HOPG (highly oriented pyrolytic graphite, ZYH grade) was purchased from SPI supplies. Benzene (Merck), 1-butyl-3-methylimidazolium tetrafluoroborate (Sigma-Aldrich), pyridinium tribromide (TCI) and TBAP were used to prepare the EGS. Acetone and ethanol were purchased from Sigma-Aldrich and used without further purification.

Preparation of the graphene suspension

Graphene dispersions were prepared by sonicating 2 mg HOPG in 10 ml water:ethanol (1:1) with 1 M Py+ for 45 min using a Branson 3510R-DTH bath ultrasonicator. The prepared EGS concentration in water was 0.04 mg/mL. The graphene suspension was used for spectroscopic analysis and stability tests.

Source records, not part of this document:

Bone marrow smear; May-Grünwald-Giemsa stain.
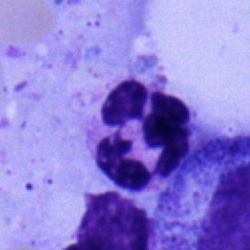

Single cell identified as a segmented neutrophil.
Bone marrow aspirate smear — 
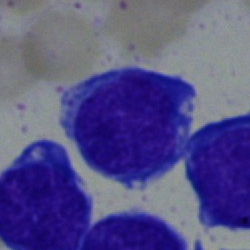

Morphology consistent with a blast cell.
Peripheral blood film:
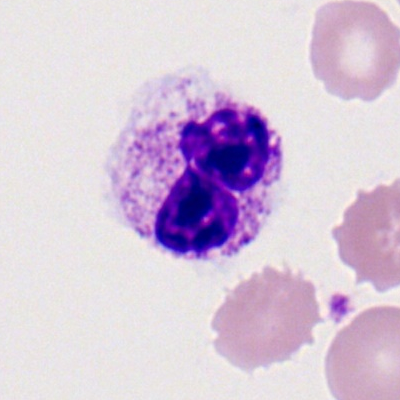Single cell identified as a polymorphonuclear neutrophil.
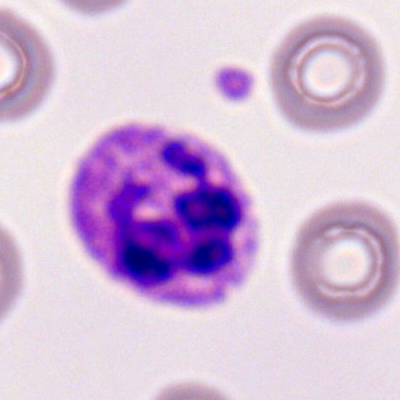
A neutrophil (segmented).
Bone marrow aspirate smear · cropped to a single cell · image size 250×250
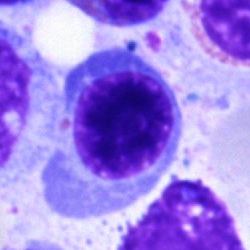Morphology consistent with a nucleated red blood cell.
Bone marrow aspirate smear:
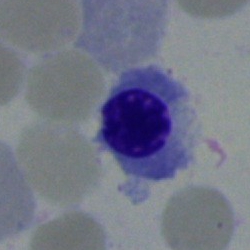

Impression → erythroblast.
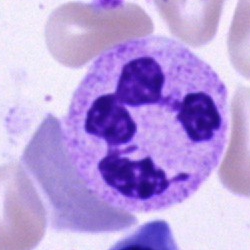

Single-cell crop from a bone marrow smear: segmented neutrophil.
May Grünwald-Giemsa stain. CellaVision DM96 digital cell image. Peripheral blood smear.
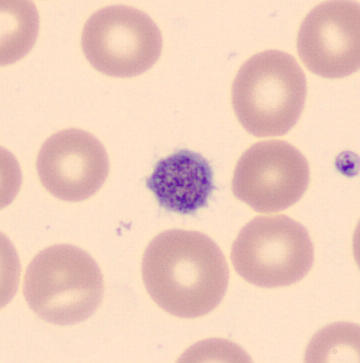

Impression → platelet (thrombocyte).
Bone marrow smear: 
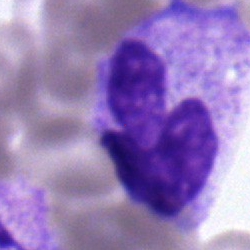

Q: What type of cell is this?
A: A band-form neutrophil.
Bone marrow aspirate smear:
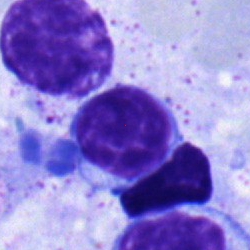
{"cell_type": "lymphocyte", "lineage": "lymphoid"}
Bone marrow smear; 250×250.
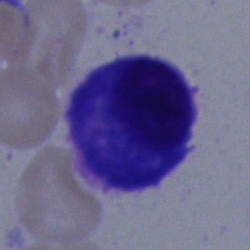
Q: What is shown here?
A: A metamyelocyte.
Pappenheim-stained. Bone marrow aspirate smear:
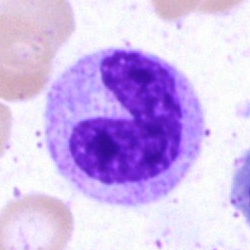Cell: band neutrophil.
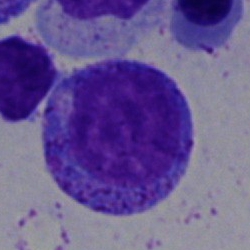
Morphology — progranulocyte.
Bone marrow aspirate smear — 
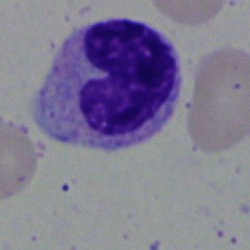
Classification = metamyelocyte.
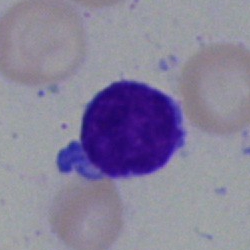
Cell type — typical lymphocyte.
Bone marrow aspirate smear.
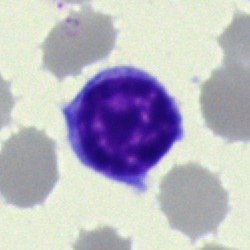 Q: What type of cell is this?
A: A typical lymphocyte.
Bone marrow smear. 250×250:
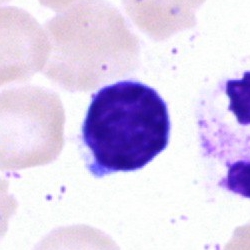 Classification = typical lymphocyte.
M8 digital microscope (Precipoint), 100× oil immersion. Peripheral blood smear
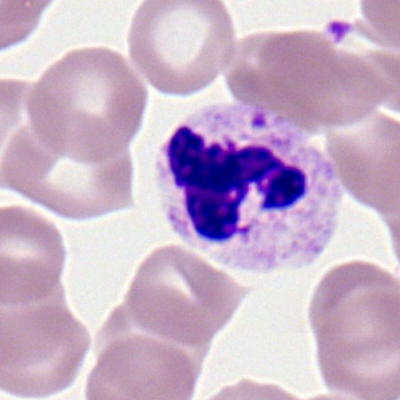The cell type is segmented neutrophil.

Preparation of the graphene paper

To fabricate the graphene paper, the solution of EGS was filtered through a filter paper or a polyvinylidene fluoride membrane filter (47 mm in diameter, 0.22 μm pore size; Millipore) and then the water was allowed to evaporate by air drying.

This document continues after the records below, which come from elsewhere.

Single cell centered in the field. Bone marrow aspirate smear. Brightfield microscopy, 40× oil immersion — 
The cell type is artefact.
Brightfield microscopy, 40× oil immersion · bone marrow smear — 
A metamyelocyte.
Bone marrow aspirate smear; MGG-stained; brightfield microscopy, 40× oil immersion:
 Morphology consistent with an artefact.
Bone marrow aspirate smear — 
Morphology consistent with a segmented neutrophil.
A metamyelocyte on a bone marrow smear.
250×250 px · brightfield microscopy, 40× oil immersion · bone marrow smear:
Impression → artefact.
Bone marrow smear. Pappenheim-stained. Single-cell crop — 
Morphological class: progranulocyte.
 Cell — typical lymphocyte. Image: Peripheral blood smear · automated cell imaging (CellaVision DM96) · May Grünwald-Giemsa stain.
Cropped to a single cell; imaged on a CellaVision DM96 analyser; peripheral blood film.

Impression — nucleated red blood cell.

Characterization of the exfoliated graphene and graphene paper

Measurement of the absorbance spectra, the pristine state of the dispersed graphene and the chemical composition were obtained via UV-vis spectroscopy (UV 300, UNICAM) and XPS (PHI 1600, Physical Electronics), respectively. The morphology and structure of EGS were investigated using TEM (JEOL JEM-2100). A tapping mode AFM (Veeco Metrology Group/Digital Instruments, Santa Barbara, CA) was used to characterize the thickness of the EGS. Raman spectra were recorded from 2000 to 1000 cm−1 using a high-resolution dispersive Raman microscope (Thermo DXR; excitation at 532 nm). A ZetaSizer (Nano-90S, Malvern) was employed for characterization of the size distribution of the EGS and the diameters of the nanosheets were calculated using the built-in instrument software (Zetasizer DTS). FTIR-ATR measurements were recorded using a Perkin Elmer Frontier. The stability analyses were conducted using a TGA instrument (Q500, TA instrument). The four-point probe method was used to measure the electrical conductivity of the graphene papers. The probe-to-probe spacing was 1.6 mm. The thickness of each filtered EGS films was characterized by the SEM. A Keithley 2400 source meter was used to provide a DC voltage from −0.02 to 0.02 V.

Device fabrication

The HTLs, graphene and NPB, were spin-coated at 3000 rpm and thermally-coated on patterned ITO/glass substrates, respectively. The spin-coating of graphene was repeated two times to obtain the optimal thickness. Subsequently, the Alq3 emissive layer, LiF and Al cathode were thermally-coated on the HTLs to complete the device structure. All of the devices were characterized and preserved in a nitrogen-filled glove box with oxygen and water vapor contents less than 1 ppm. The current density-voltage and the luminance-voltage curves were measured using a combination of a silicon photodetector, a Keithley 2400 source meter and a Keithley 2000 multimeter. The calibration of the absolute luminance was carried out using a PR-650 SpectraScan colorimeter.